▸ **Required action**
Could you retype the whole listing word for word and drop the images?
# # # #
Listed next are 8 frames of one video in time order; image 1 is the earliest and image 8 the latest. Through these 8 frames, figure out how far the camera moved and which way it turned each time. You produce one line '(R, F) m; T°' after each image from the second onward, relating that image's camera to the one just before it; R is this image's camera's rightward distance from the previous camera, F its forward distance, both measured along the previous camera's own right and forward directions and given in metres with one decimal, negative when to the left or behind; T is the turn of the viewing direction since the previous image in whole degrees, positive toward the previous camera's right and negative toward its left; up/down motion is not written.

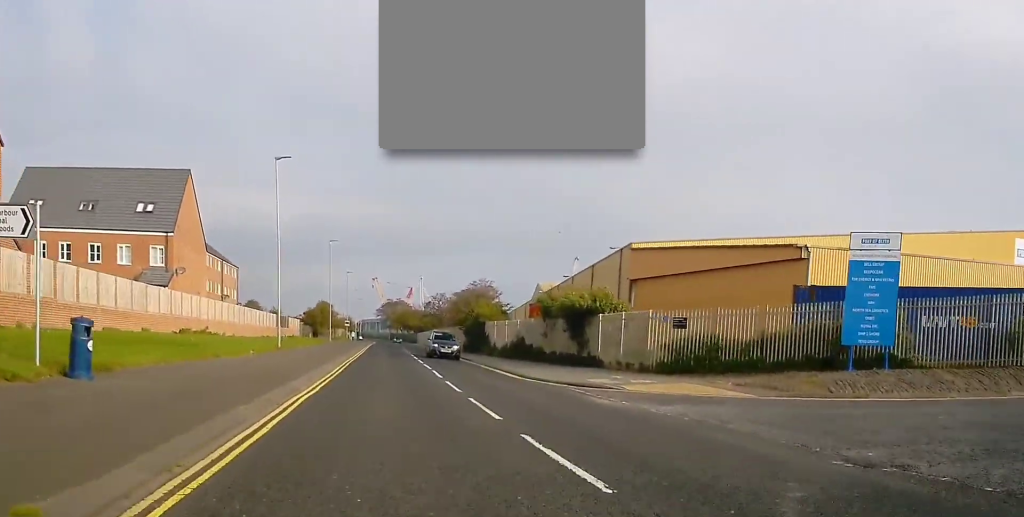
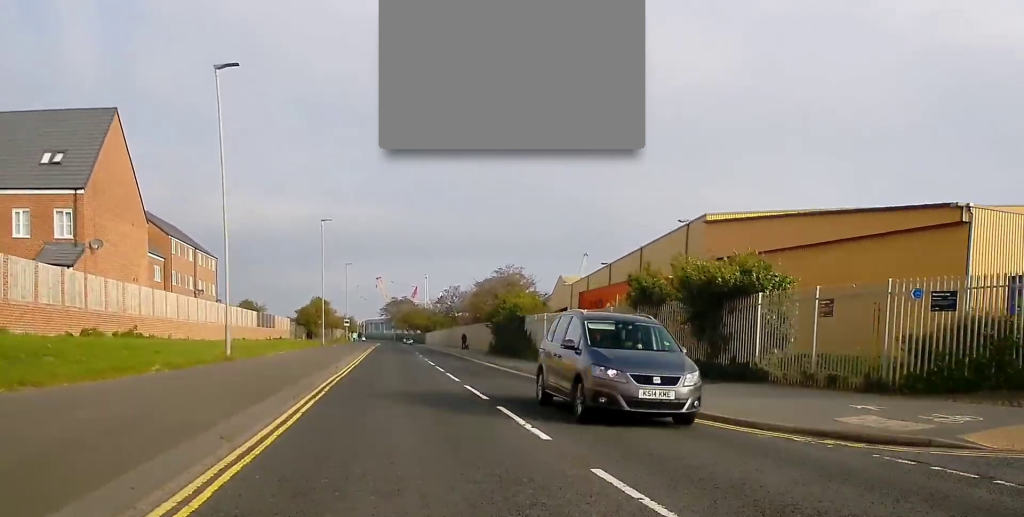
(-0.3, +15.1) m; -1°
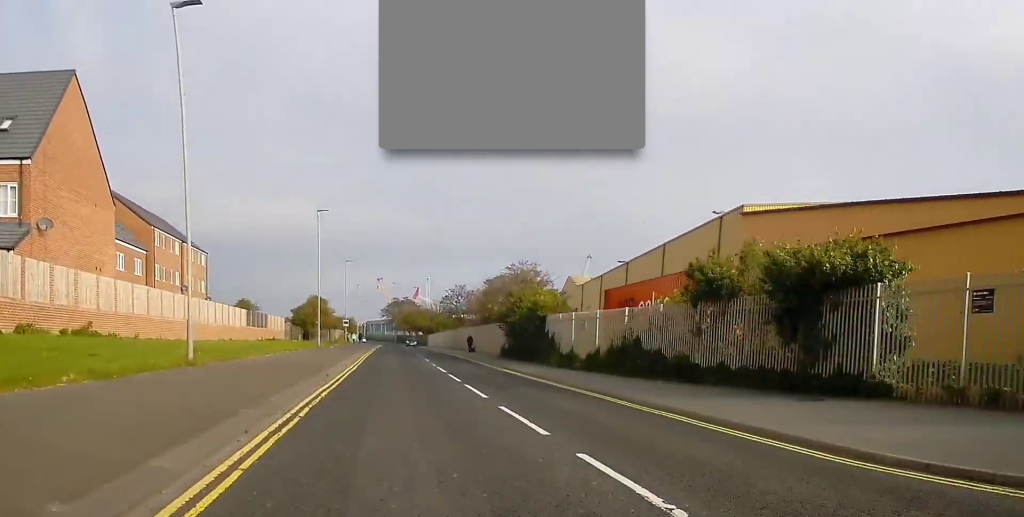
(0.0, +5.5) m; 0°
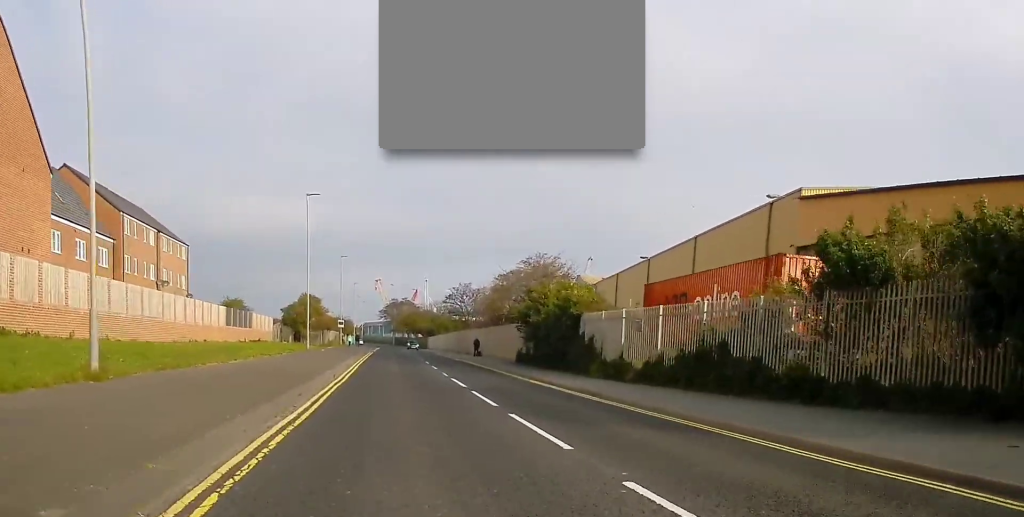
(+0.2, +7.4) m; +1°
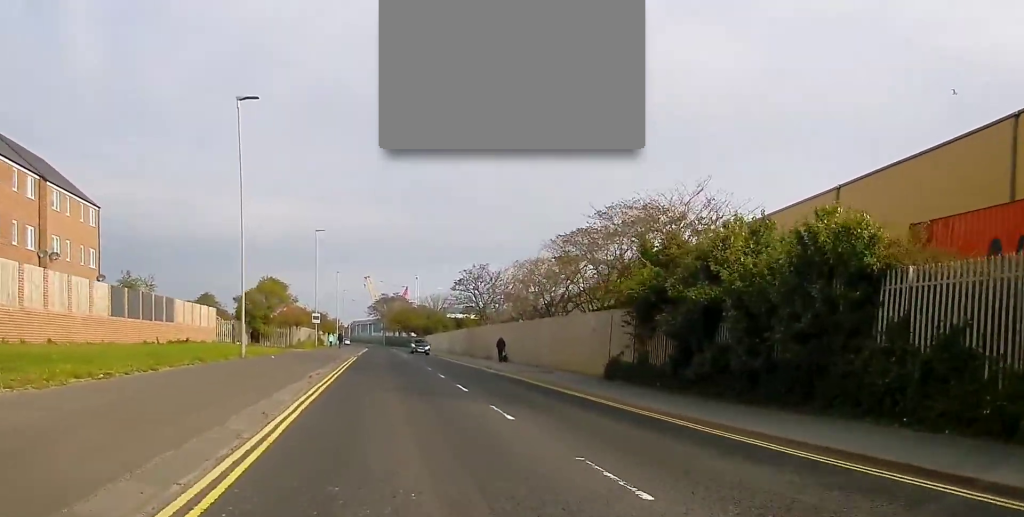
(-0.3, +21.2) m; -1°
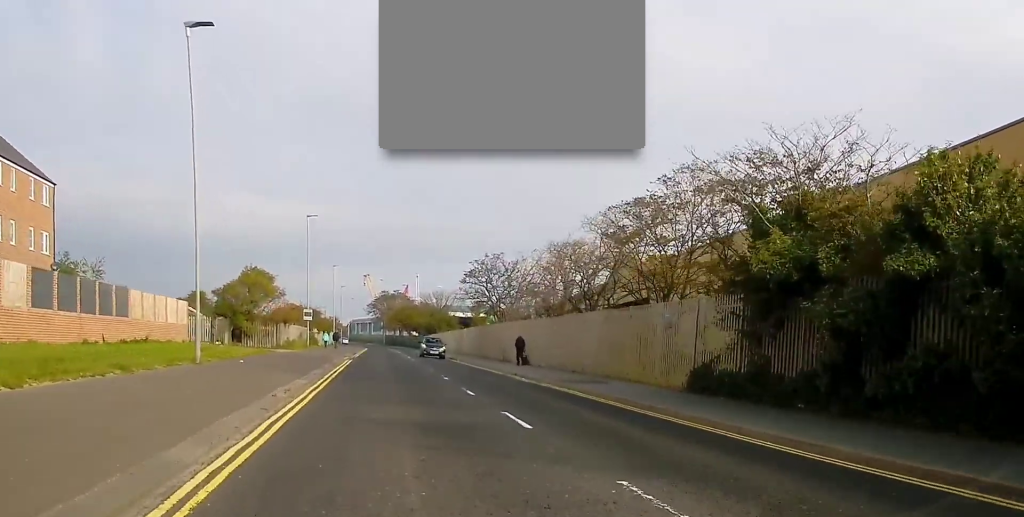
(0.0, +7.7) m; 0°
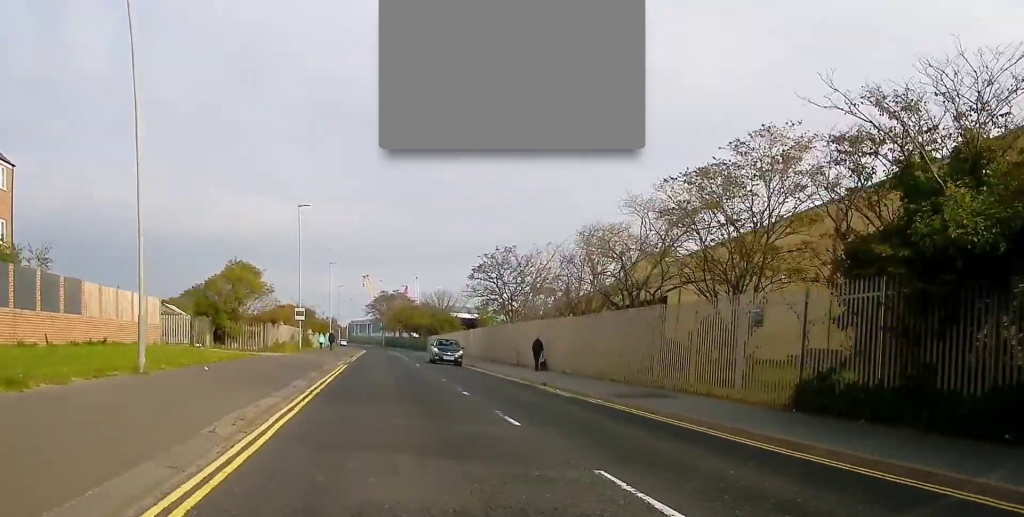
(+0.1, +5.4) m; +1°
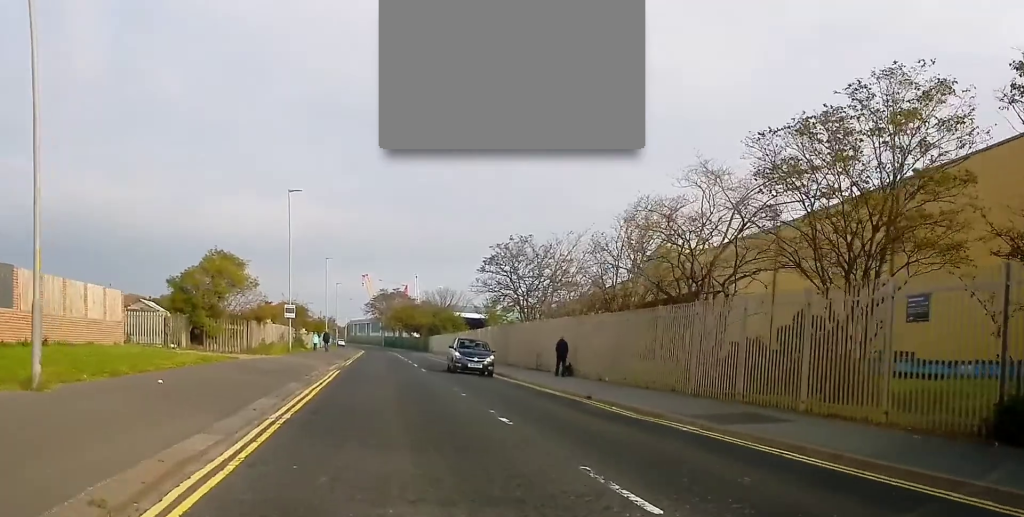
(0.0, +5.8) m; 0°
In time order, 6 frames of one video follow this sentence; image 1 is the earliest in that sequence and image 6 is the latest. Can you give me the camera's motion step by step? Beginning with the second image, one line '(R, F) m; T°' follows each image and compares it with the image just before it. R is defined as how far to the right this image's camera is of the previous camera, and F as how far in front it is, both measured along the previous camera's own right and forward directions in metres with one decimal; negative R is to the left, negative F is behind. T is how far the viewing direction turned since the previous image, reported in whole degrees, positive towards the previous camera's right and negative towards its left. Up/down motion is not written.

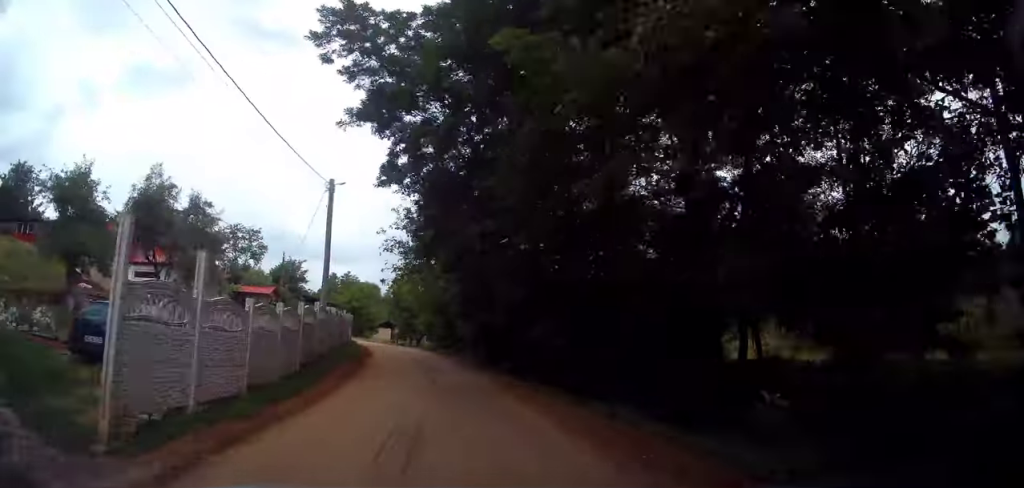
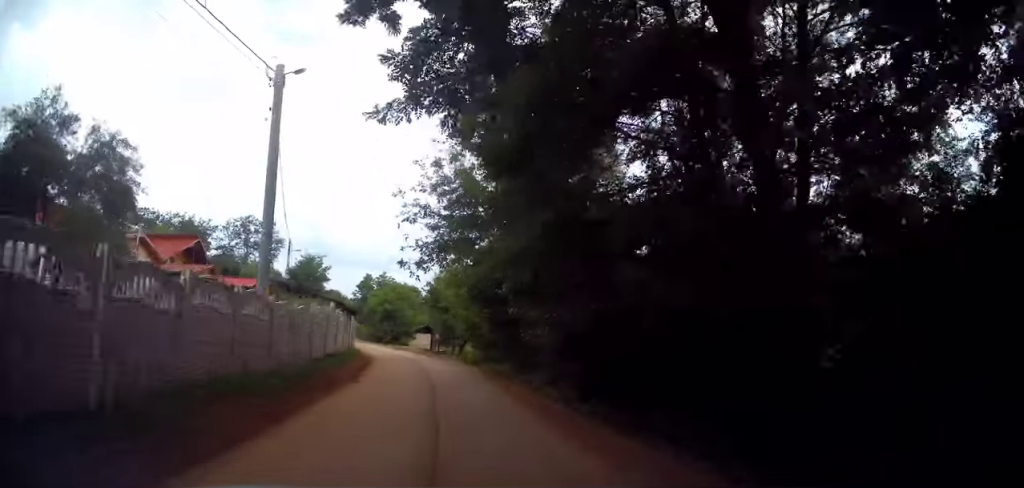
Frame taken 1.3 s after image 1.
(-0.7, +12.7) m; -5°
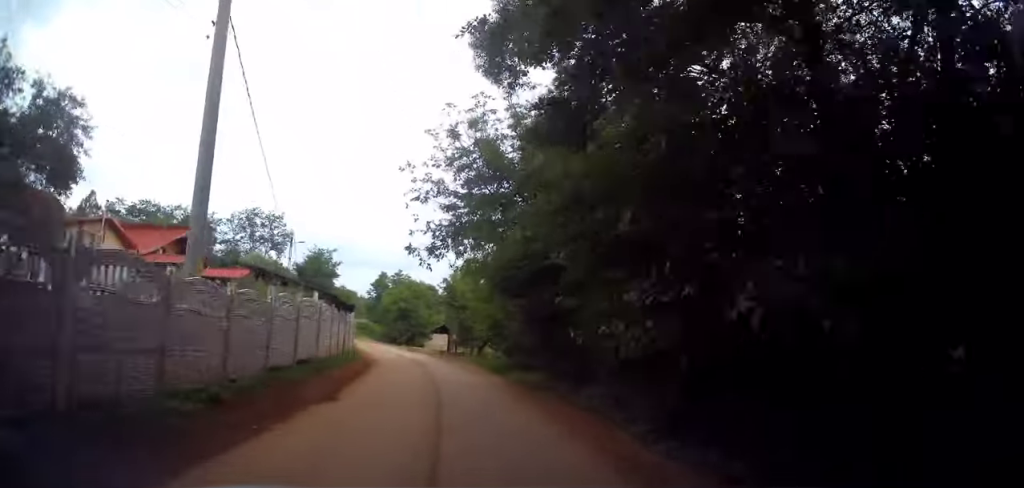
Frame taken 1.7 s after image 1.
(-0.2, +4.7) m; 0°
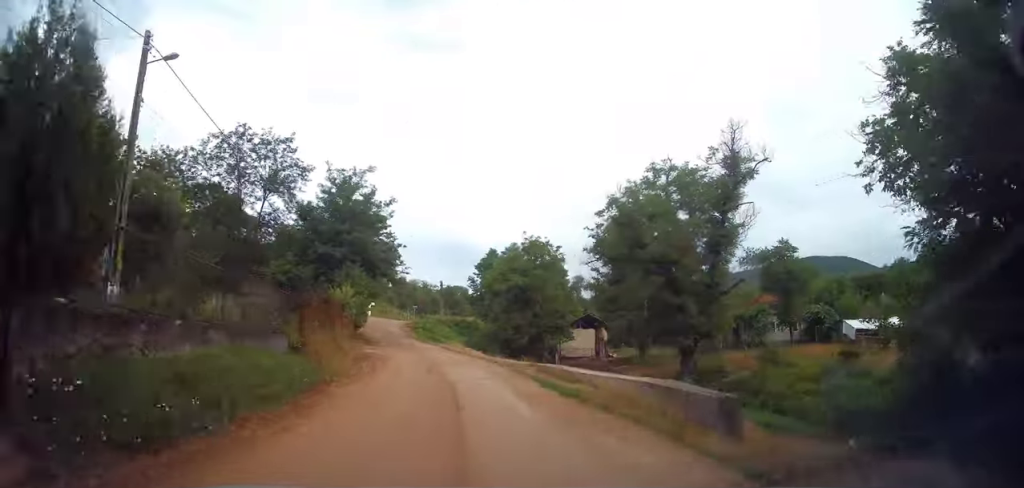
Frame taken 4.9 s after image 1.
(-3.0, +33.7) m; -12°
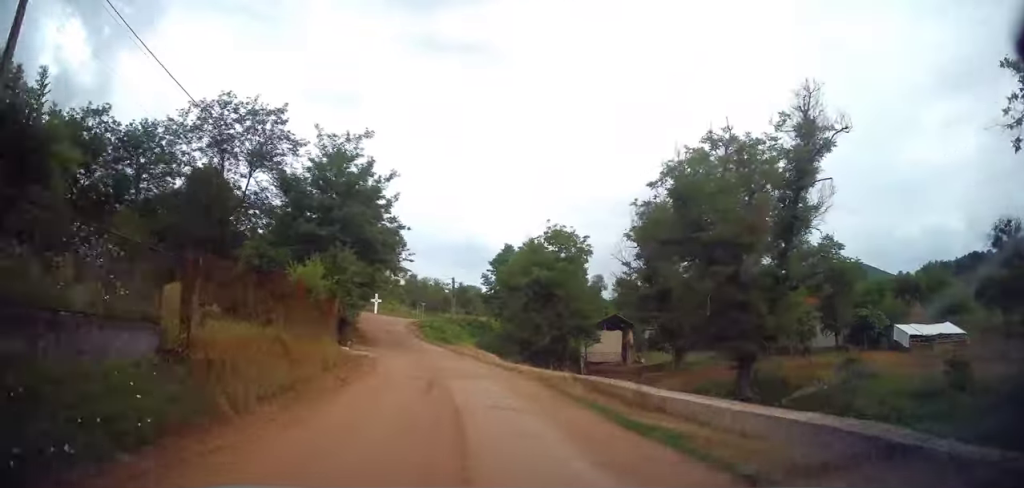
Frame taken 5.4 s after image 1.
(-0.3, +5.3) m; -2°
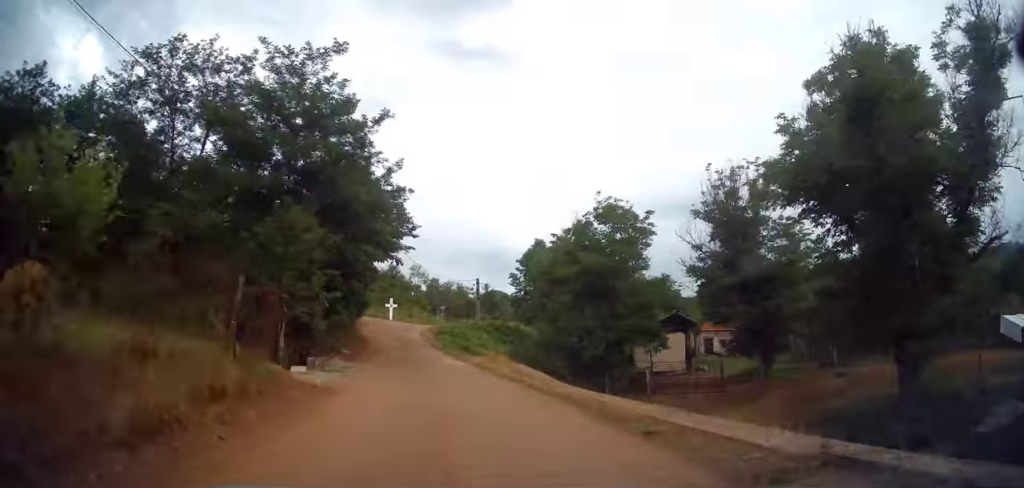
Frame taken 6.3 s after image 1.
(-0.4, +9.2) m; -4°
# # # #
▸ **Solved problem**
Listed next are 8 frames of one video in time order; image 1 is the earliest and image 8 the latest. Through these 8 frames, figure out how far the camera moved and which way it turned each time. You produce one line '(R, F) m; T°' after each image from the second onward, relating that image's camera to the one just before it; R is this image's camera's rightward distance from the previous camera, F its forward distance, both measured along the previous camera's own right and forward directions and given in metres with one decimal, negative when to the left or behind; T is the turn of the viewing direction since the previous image in whole degrees, positive toward the previous camera's right and negative toward its left; up/down motion is not written.

(-0.3, +15.1) m; -1°
(0.0, +5.5) m; 0°
(+0.2, +7.4) m; +1°
(-0.3, +21.2) m; -1°
(0.0, +7.7) m; 0°
(+0.1, +5.4) m; +1°
(0.0, +5.8) m; 0°
In time order, 6 frames of one video follow this sentence; image 1 is the earliest in that sequence and image 6 is the latest. Can you give me the camera's motion step by step? Beginning with the second image, one line '(R, F) m; T°' follows each image and compares it with the image just before it. R is defined as how far to the right this image's camera is of the previous camera, and F as how far in front it is, both measured along the previous camera's own right and forward directions in metres with one decimal; negative R is to the left, negative F is behind. T is how far the viewing direction turned since the previous image, reported in whole degrees, positive towards the previous camera's right and negative towards its left. Up/down motion is not written.

Frame taken 1.3 s after image 1.
(-0.7, +12.7) m; -5°
Frame taken 1.7 s after image 1.
(-0.2, +4.7) m; 0°
Frame taken 4.9 s after image 1.
(-3.0, +33.7) m; -12°
Frame taken 5.4 s after image 1.
(-0.3, +5.3) m; -2°
Frame taken 6.3 s after image 1.
(-0.4, +9.2) m; -4°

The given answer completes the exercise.